Schaberg Kurt B, Novoa Roberto A, Wakelee Heather A, Kim Jinah, Cheung Christine, Srinivas Sandhya, Kwong Bernice Y
Department of Pathology, Stanford University School of Medicine, Stanford, CA, USA.
Department of Dermatology, Stanford University School of Medicine, Stanford, CA, USA.
J Cutan Pathol. 2016 Apr;43(4):339-46. doi: 10.1111/cup.12666. Epub 2016 Feb 10.
Recent advances in the immunotherapeutic treatment of cancer have led to the development of multiple new directed therapies including monoclonal antibodies that block the immune checkpoint T-cell receptor programmed death 1 (PD-1) and the PD-1 ligand, programmed death ligand 1 (PD-L1). Various immune-related toxicities have been associated with these drugs including, most commonly, skin rashes.
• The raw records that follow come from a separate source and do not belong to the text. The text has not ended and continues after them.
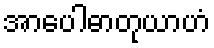
အာပေါဓာတုယာဟံ
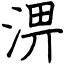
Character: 淠
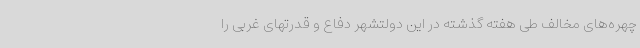
چهره‌های مخالف طی هفته گذشته در این دولتشهر دفاع و قدرتهای غربی را
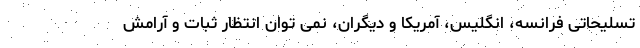
تسلیحاتی فرانسه، انگلیس، آمریکا و دیگران، نمی توان انتظار ثبات و آرامش
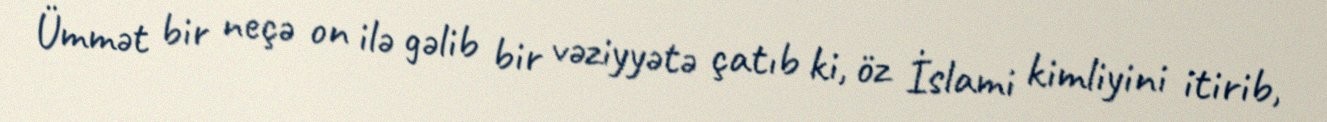
Ümmət bir neçə on ilə gəlib bir vəziyyətə çatıb ki, öz İslami kimliyini itirib,
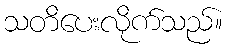
သတိပေးလိုက်သည်။
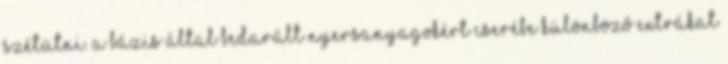
szétütni. A bázis által bedarált nyersanyagokért cserébe különböző extrákat
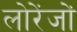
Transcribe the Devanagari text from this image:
लोरेंजों
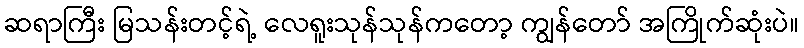
ဆရာကြီး မြသန်းတင့်ရဲ့ လေရူးသုန်သုန်ကတော့ ကျွန်တော် အကြိုက်ဆုံးပဲ။
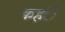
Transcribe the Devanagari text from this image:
कहंे
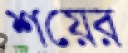
শয়ের
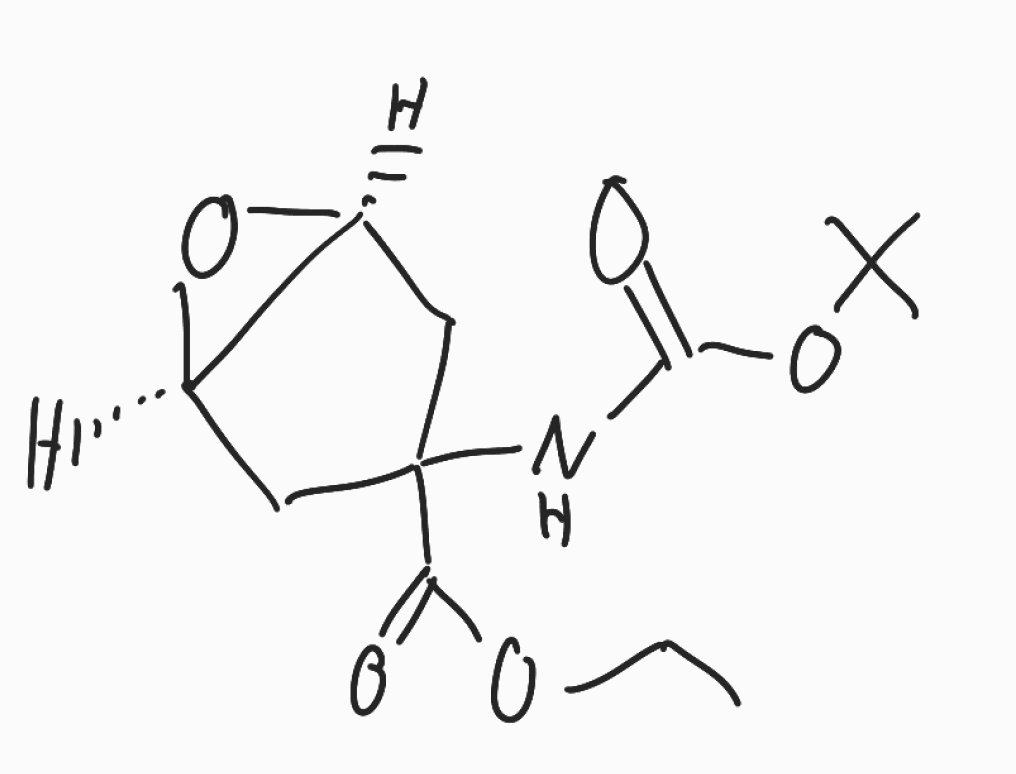
Simplified molecular-input line-entry system (SMILES) notation of the given molecule:
CCOC(=O)C1(C[C@@H]2[C@H](C1)O2)NC(=O)OC(C)(C)C

Five cases of lichenoid dermatitis, including one case of lichenoid mucositis and one case of lichen sclerosus, associated with anti-PD-L1 and anti-PD1 therapy were compared with three biopsies of non-drug-related lichen planus (LP) and three lichen planus-like keratoses (LPLK) used as controls.
Histopathologic and immunophenotypic analysis of these lichenoid lesions demonstrated significantly greater histiocytic infiltrates than observed in control lichenoid reactions (p = 0.0134). We also observed increased spongiosis and epidermal necrosis. No significant differences were seen in expression of CD3, CD4:CD8, CD20, PD-1, CD25, Foxp3, CXCL13 and PD-L1 expression.
These findings expand the literature of immune-related toxicities of PD-L1 and PD-1 blockade to include lichenoid dermatitis and lichenoid mucositis. Of note, these cutaneous side effects were amenable to topical treatment, without the need for medication dose reduction or discontinuation.
癌症免疫治疗的最新进展促使多种新型靶向治疗方法得以开发,包括阻断免疫检查点T细胞受体程序性死亡蛋白1(PD-1)及其配体程序性死亡配体1(PD-L1)的单克隆抗体。这些药物与多种免疫相关毒性有关,其中最常见的是皮疹。
将5例与抗PD-L1和抗PD-1治疗相关的苔藓样皮炎病例(包括1例苔藓样黏膜病和1例硬化性苔藓)与3例非药物相关性扁平苔藓(LP)活检标本及3例扁平苔藓样角化病(LPLK)作为对照进行比较。
这些苔藓样病变的组织病理学和免疫表型分析显示,与对照性苔藓样反应相比,组织细胞浸润明显更多(p = 0.0134)。我们还观察到海绵形成增加和表皮坏死。在CD3、CD4:CD8、CD20、PD-1、CD25、Foxp3、CXCL13和PD-L1表达方面未观察到显著差异。
这些发现扩展了PD-L1和PD-1阻断免疫相关毒性的文献,使其包括苔藓样皮炎和苔藓样黏膜病。值得注意的是,这些皮肤副作用适合局部治疗,无需减少药物剂量或停药。